(Dataset records)
┄┄┄┄┄┄┄┄┄┄

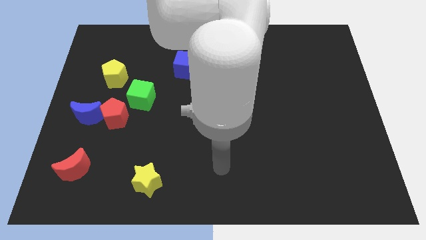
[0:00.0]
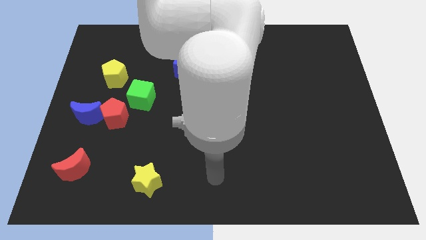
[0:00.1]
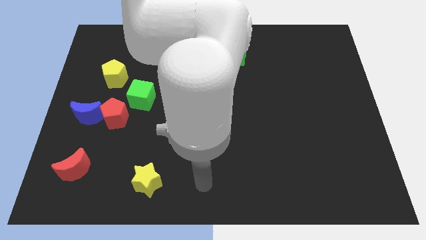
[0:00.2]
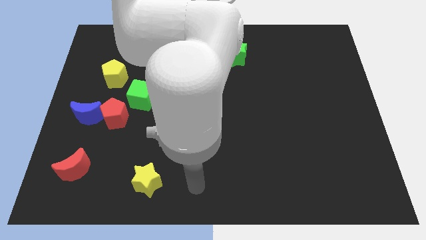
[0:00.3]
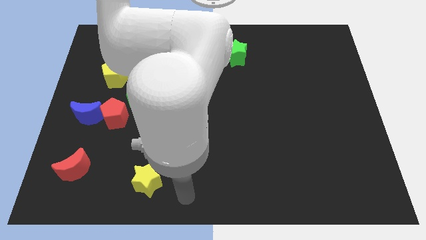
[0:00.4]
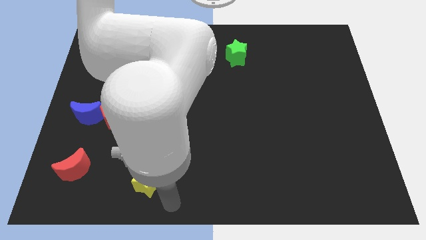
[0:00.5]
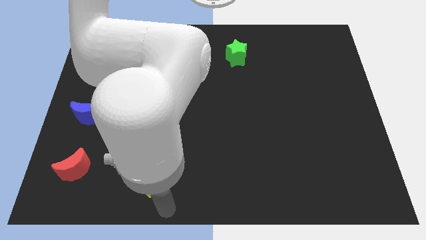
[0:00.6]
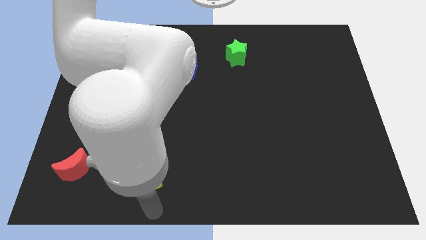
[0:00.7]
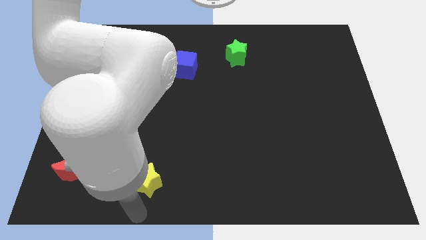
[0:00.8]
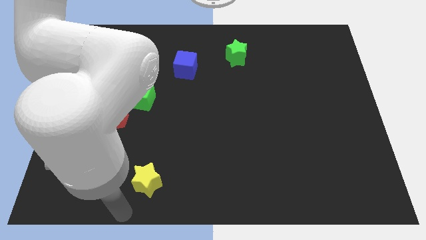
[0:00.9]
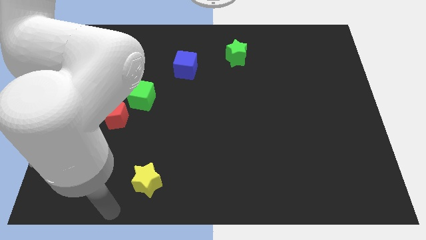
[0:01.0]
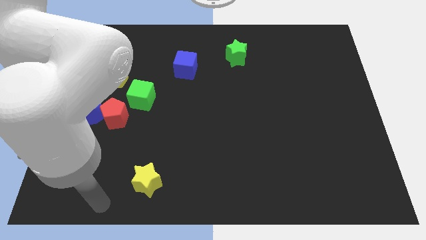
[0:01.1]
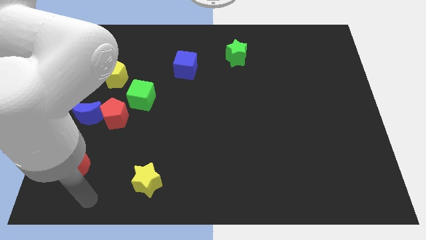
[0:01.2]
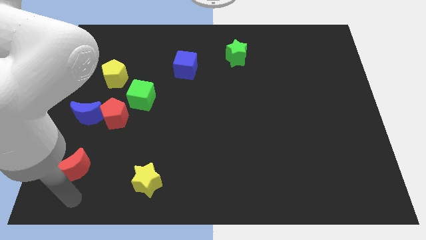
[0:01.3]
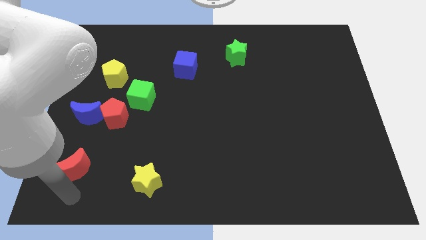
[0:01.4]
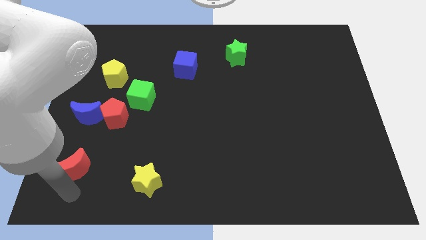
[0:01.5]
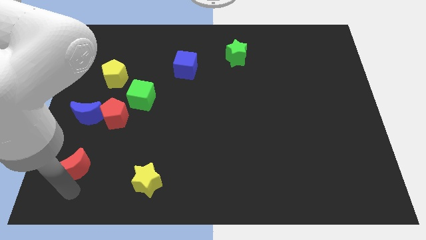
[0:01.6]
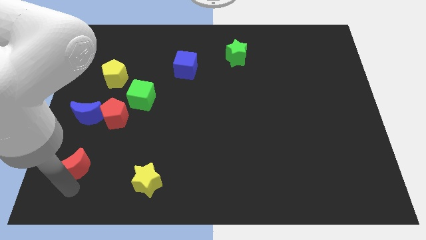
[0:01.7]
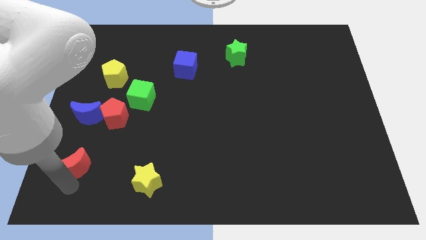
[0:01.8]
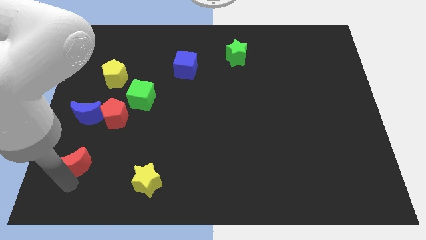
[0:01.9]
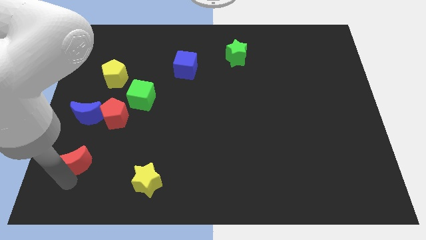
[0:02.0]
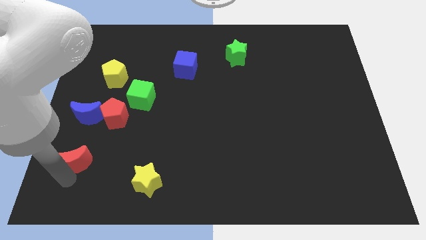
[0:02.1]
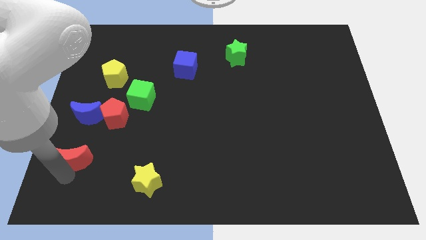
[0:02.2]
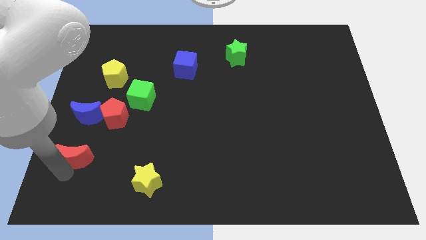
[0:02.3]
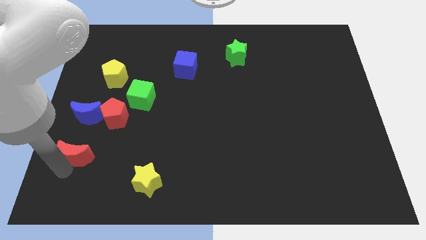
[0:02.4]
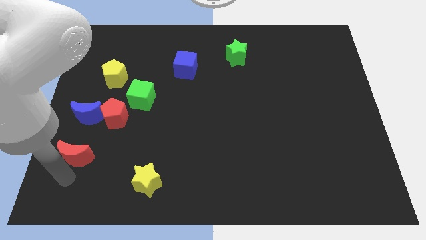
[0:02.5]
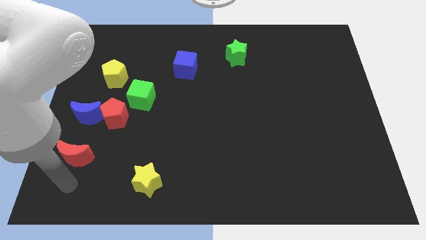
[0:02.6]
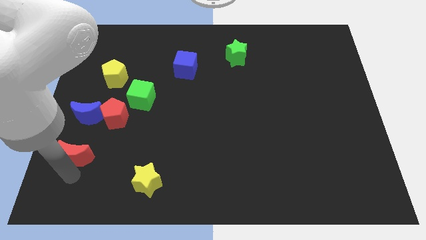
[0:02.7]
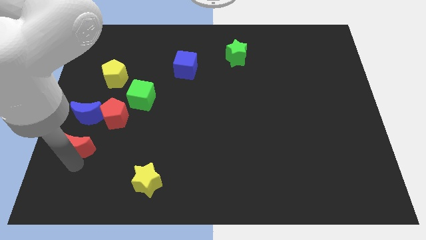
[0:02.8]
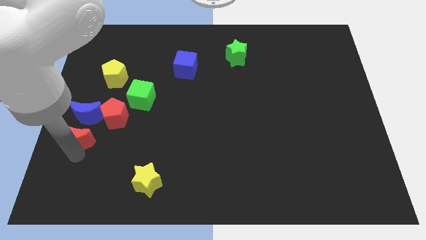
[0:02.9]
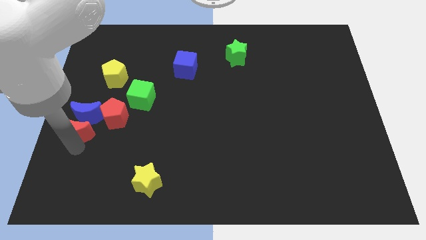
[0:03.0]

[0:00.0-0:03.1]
slide the red moon next to the blue moon

┄┄┄┄┄┄┄┄┄┄

## Task to complete
Restate every line above exactly, omitting images.

## Solution for this task
[0:00.0]
[0:00.1]
[0:00.2]
[0:00.3]
[0:00.4]
[0:00.5]
[0:00.6]
[0:00.7]
[0:00.8]
[0:00.9]
[0:01.0]
[0:01.1]
[0:01.2]
[0:01.3]
[0:01.4]
[0:01.5]
[0:01.6]
[0:01.7]
[0:01.8]
[0:01.9]
[0:02.0]
[0:02.1]
[0:02.2]
[0:02.3]
[0:02.4]
[0:02.5]
[0:02.6]
[0:02.7]
[0:02.8]
[0:02.9]
[0:03.0]

[0:00.0-0:03.1]
slide the red moon next to the blue moon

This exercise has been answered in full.